Fed Chairman Jerome Powell says that 2% inflation is the minimum requirement for economic stability. Why? On the assumption that a little inflation will lift all or at least some boats. This leads to the second narrative, the actual story for the vast majority of Americans. These are people who work to live and are being killed by double digit inflation every year.
The Americans in the real narrative have no interest in or knowledge of the financial markets. The tens of thousands of Americans who have been laid off in the past ninety days understand that the US economy is slipping into recession. The credit markets are reacting accordingly. After 12 years of pro-inflation QE, the post-COVID reset is going to hurt, as Nassim Taleb suggests above.
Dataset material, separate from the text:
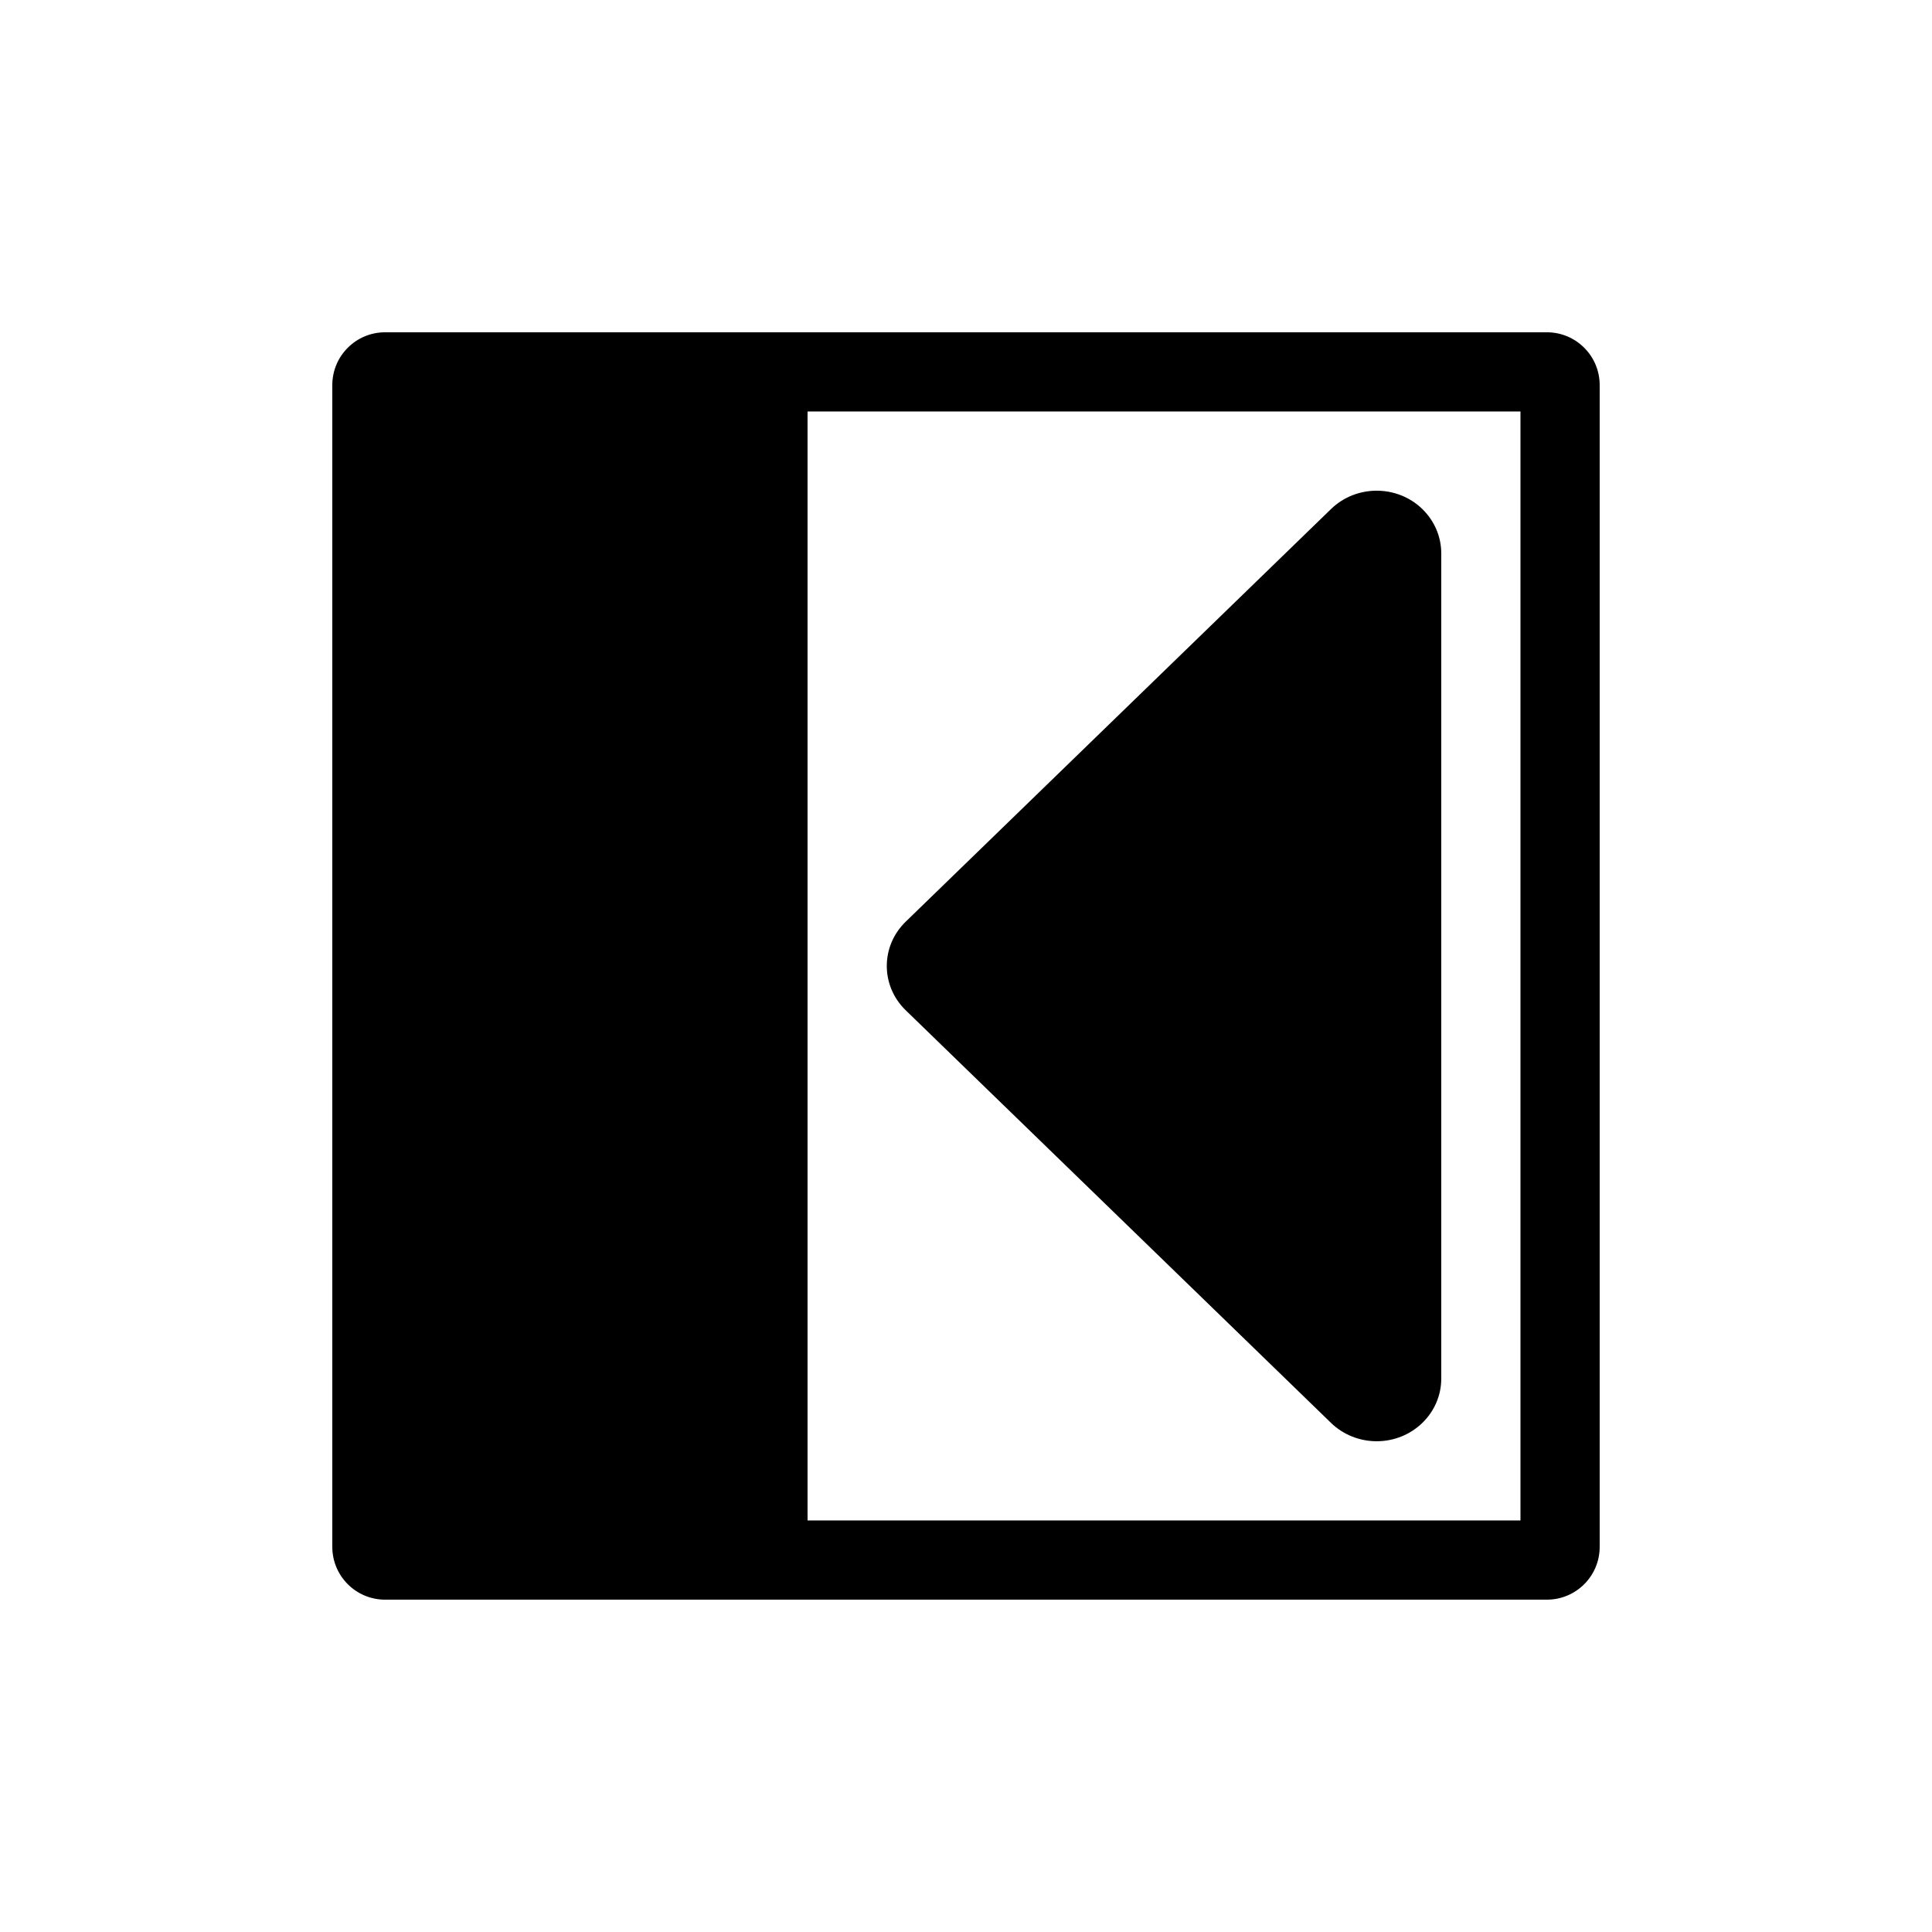 <?xml version="1.0" encoding="UTF-8"?>
<!-- Uploaded to: ICON Repo, www.iconrepo.com, Generator: ICON Repo Mixer Tools -->
<svg fill="#000000" width="800px" height="800px" version="1.1" viewBox="144 144 512 512" xmlns="http://www.w3.org/2000/svg">
 <path d="m553.94 232.06c7.727 0 13.992 6.266 13.992 13.996v307.88c0 7.727-6.266 13.992-13.992 13.992h-307.88c-7.731 0-13.996-6.266-13.996-13.992v-307.88c0-7.731 6.266-13.996 13.996-13.996zm-7 20.992h-188.93v293.89h188.93zm-26.004 25.855c3.211 3.113 5.012 7.336 5.012 11.738v218.7c0 9.168-7.66 16.602-17.113 16.602-4.539 0-8.891-1.746-12.102-4.863l-112.71-109.35c-6.684-6.484-6.684-16.996 0-23.48l112.71-109.35c6.684-6.484 17.52-6.484 24.203 0z" fill-rule="evenodd"/>
</svg>

Many emerging companies that we wrote about in 2020-21 as equity plays are now credit stories. In the real economy, households that lose a wage earner must often choose between paying for the car, the house and/or food. The second narrative resides in the world of credit and fixed income securities. No surprise then that the big take away from Q4 2022 earnings is that credit expenses are headed higher and at a brisk pace.
Watching the announcements of layoffs that have blossomed since the New Year, it seems striking that the unemployment rate is at just 3% yet the levels of delinquency visible in low FICO, high loan-to-value (LTV) subprime mortgages (aka “FHA/VA/USDA”) are in the mid-teens and rising back to pre-COVID levels.
DQ rates on sub-600 FICO government loans are rising roughly 1% per month and are now in the mid-teens. This is a stunning statistic that nobody in the first narrative seems to have noticed.
While the average FICO score in the US has risen into the low 700s since 2008, more than one-third of all Americans have scores below 600. Thus when we see that the overall level of delinquency on Ginnie Mae 3.5% MBS is already above the level of gross income on the servicing strip, this begs the question of liquidity. As we discuss below, funding the growing pile of delinquent government loans is becoming more problematic as interest rates rise. The fact of large depositories stepping back from the mortgage market is also not helpful.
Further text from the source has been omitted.